The assault took place because the union executives are sensitive to the growing social discontent among Warrior Met strikers to forty years of betrayal by the UMWA and AFL-CIO.

In the last several weeks, workers in critical industries have begun to fight against corporate exploitation and the massive levels of wealth accumulated by the capitalist class during a pandemic that has left over 3 million dead worldwide. Autoworkers at Volvo in Virginia, nurses in Massachusetts, home care workers in Connecticut and auto parts workers at Nexteer in Michigan have initiated strikes or authorized strike action, as have autoworkers in India, where the deadly coronavirus is spreading through the factories like wildfire.

In each case, the workers are constrained by the trade unions, whose job it is to isolate these struggles and prevent them from coalescing in a common movement of working people against the corporations. The UMWA’s thuggishness is a prime example of a universal phenomenon. The efforts by the UMWA and DSA to blame striking Alabama coal miners for the racist assault of the bureaucracy is part of the bureaucracy’s plan to break these struggles, isolate the strikers and end the strike on the company’s terms.

For this reason, coalminers everywhere and workers across industries must oppose the UMWA and its allies’ efforts to slander Warrior Met strikers as guilty of the crimes carried out by the bureaucracy. Workers in all industries must mobilize in defense of the Warrior Met strikers before the UMWA is able to break the strike and ram through another sellout contract.

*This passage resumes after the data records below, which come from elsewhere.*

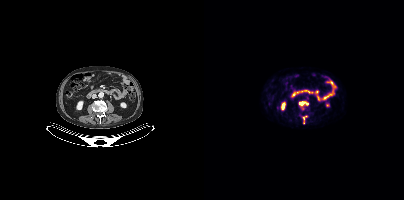
{"modality":"PSMA PET/CT","view":"axial","tracer":"18F-PSMA","pet_grid":[200,200],"coord_frame":"pet_panel","coord_format":"x0,y0,x1,y1","partial":true,"lesion_bboxes":[[95,102,101,105],[98,115,102,120]],"small_foci_centers":[[99,122]]}
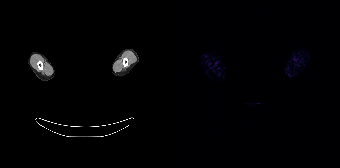
This slice has no annotated PSMA-avid lesion. A rectangular block over the head has been blanked out for de-identification. Two-panel axial: CT | PSMA PET, [68Ga]Ga-PSMA-11 tracer. Slice 192 of 195. PET panel 168×168 px (4.1 mm/px).
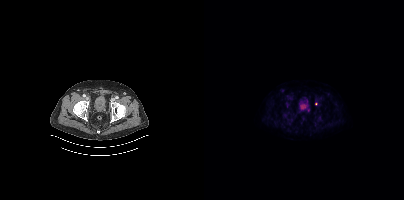
Left: CT. Right: PSMA PET, same axial level, 18F-PSMA tracer. PET panel 200×200 px (4.1 mm/px). Coordinates are on the 200×200 PET (right) panel. Small PSMA-avid focus (2 to 4 px across) near (center x, center y): (111, 103).
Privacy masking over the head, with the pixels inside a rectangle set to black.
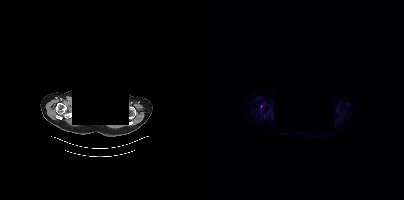
Coordinates are on the 200×200 PET (right) panel. Small PSMA-avid foci (2 to 4 px across) near (center x, center y): (60, 116) | (57, 106).
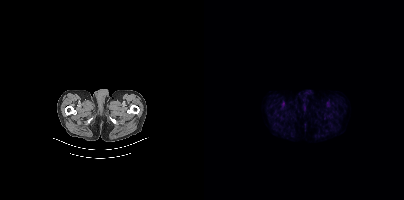
Technique: Paired axial CT (left) and PSMA PET (right), [18F]PSMA-1007 tracer. acquired on Siemens Biograph mCT Flow 20. slice position z = -1552 mm. PET panel 200×200 px (4.1 mm/px).
Findings: No PSMA-avid tumor lesions on this slice.
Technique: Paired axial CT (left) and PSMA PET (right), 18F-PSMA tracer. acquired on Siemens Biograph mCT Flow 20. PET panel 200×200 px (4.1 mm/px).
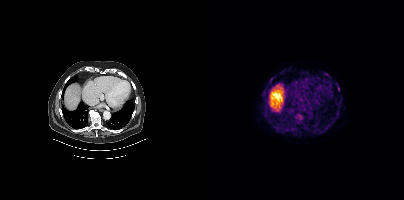
Findings: Coordinates are on the 200×200 PET (right) panel. (showing 1 of 2 foci) PSMA-avid tumor lesion bounding box (x0,y0,x1,y1): [95,115,97,119].
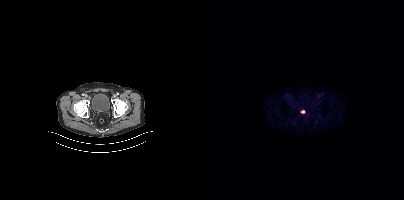
Findings: This slice has no annotated PSMA-avid lesion.
Technique: Left: CT. Right: PSMA PET, same axial level, [18F]PSMA-1007 tracer. PET panel 200×200 px (4.1 mm/px).
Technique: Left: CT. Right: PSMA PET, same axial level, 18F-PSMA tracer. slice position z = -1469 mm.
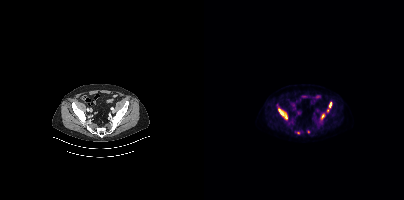
Findings: Coordinates are on the 200×200 PET (right) panel. (showing 5 of 6 foci) PSMA-avid tumor lesion bounding boxes (x, y, width, height): x=74 y=108 w=10 h=12; x=125 y=102 w=3 h=6; x=118 y=114 w=3 h=5. Small PSMA-avid foci (2 to 4 px across) near (center x, center y): (94, 133); (123, 110).
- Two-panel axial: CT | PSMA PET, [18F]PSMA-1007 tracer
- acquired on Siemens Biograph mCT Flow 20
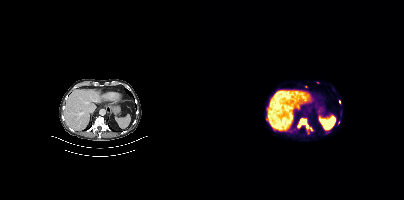
Findings: Coordinates are on the 200×200 PET (right) panel. (showing 5 of 7 foci) PSMA-avid tumor lesion bounding box (x0,y0,x1,y1): [94,118,108,130]. Small PSMA-avid foci (2 to 4 px across) near (center x, center y): (135, 101) (114, 82) (134, 122) (101, 86).
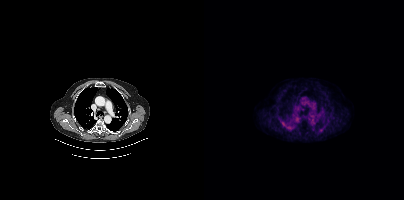
Paired axial CT (left) and PSMA PET (right), 18F-PSMA tracer. Acquired on Siemens Biograph mCT Flow 20. No tumor lesions annotated on this slice.
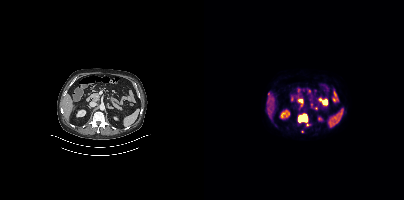
Coordinates are on the 200×200 PET (right) panel. PSMA-avid tumor lesion bounding boxes (partial; 2 more foci not listed):
| # | x0 | y0 | x1 | y1 |
|---|---|---|---|---|
| 1 | 94 | 113 | 103 | 122 |
Left: CT. Right: PSMA PET, same axial level, [18F]PSMA-1007 tracer. Slice 221 of 444.
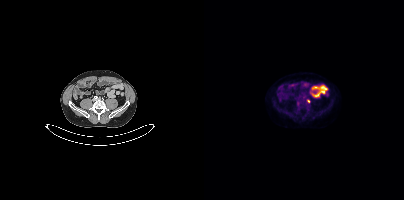
Coordinates are on the 200×200 PET (right) panel. Small PSMA-avid focus (2 to 4 px across) near (center x, center y): (104, 101).
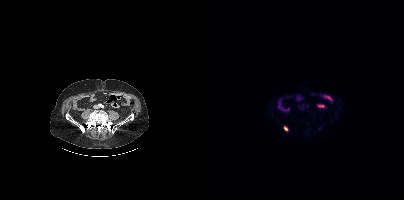
Coordinates are on the 200×200 PET (right) panel. Small PSMA-avid focus (2 to 4 px across) near (center x, center y): (81, 128). Left: CT. Right: PSMA PET, same axial level, 18F-PSMA tracer. Slice 136 of 389. PET panel 200×200 px (4.1 mm/px).
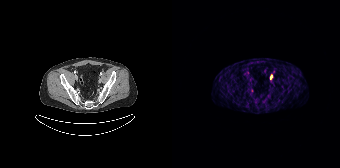
{"modality":"PSMA PET/CT","view":"axial","tracer":"68Ga-PSMA","pet_grid":[168,168],"coord_frame":"pet_panel","coord_format":"x0,y0,x1,y1","lesion_bboxes":[[98,75,100,79]]}
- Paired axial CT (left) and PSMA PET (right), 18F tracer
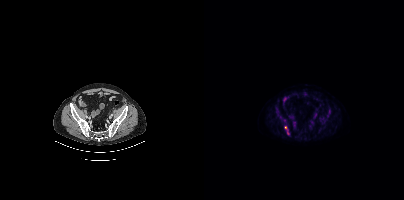
Findings: Coordinates are on the 200×200 PET (right) panel. Small PSMA-avid focus (2 to 4 px across) near (center x, center y): (81, 127).
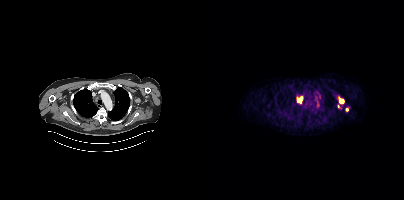
Coordinates are on the 200×200 PET (right) panel. (showing 5 of 6 foci) PSMA-avid tumor lesion bounding boxes (x0, y0)-(x1, y1): (93, 97)-(98, 102) / (135, 99)-(139, 103). Small PSMA-avid foci (2 to 4 px across) near (center x, center y): (112, 98) / (134, 106) / (142, 109). Left: CT. Right: PSMA PET, same axial level, 68Ga-PSMA tracer. Slice 339 of 429.
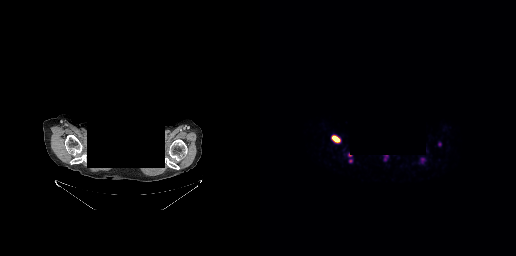
Findings: Coordinates are on the 256×256 PET (right) panel. (showing 1 of 3 foci) PSMA-avid tumor lesion bounding box (x0,y0,x1,y1): [72,136,79,141].
Technique: Paired axial CT (left) and PSMA PET (right), 68Ga-PSMA tracer.
Note: Privacy masking over the head, with the pixels inside a rectangle set to black.
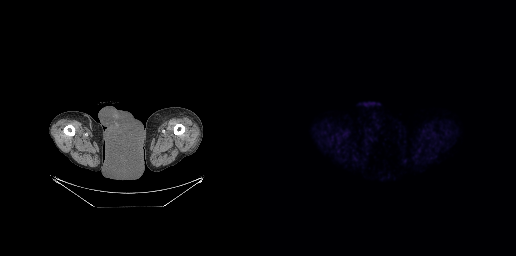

This requires the formation of rank-and-file committees—organizational structures run democratically by the workers themselves to carry forward these struggles outside the control of gangsters in the UMWA leadership. These committees are based on the principle that workers must have organizational control over the conduct of their own struggles. This task is necessary in order to spread the strike, popularize its message and build an independent movement of the international working class for social equality.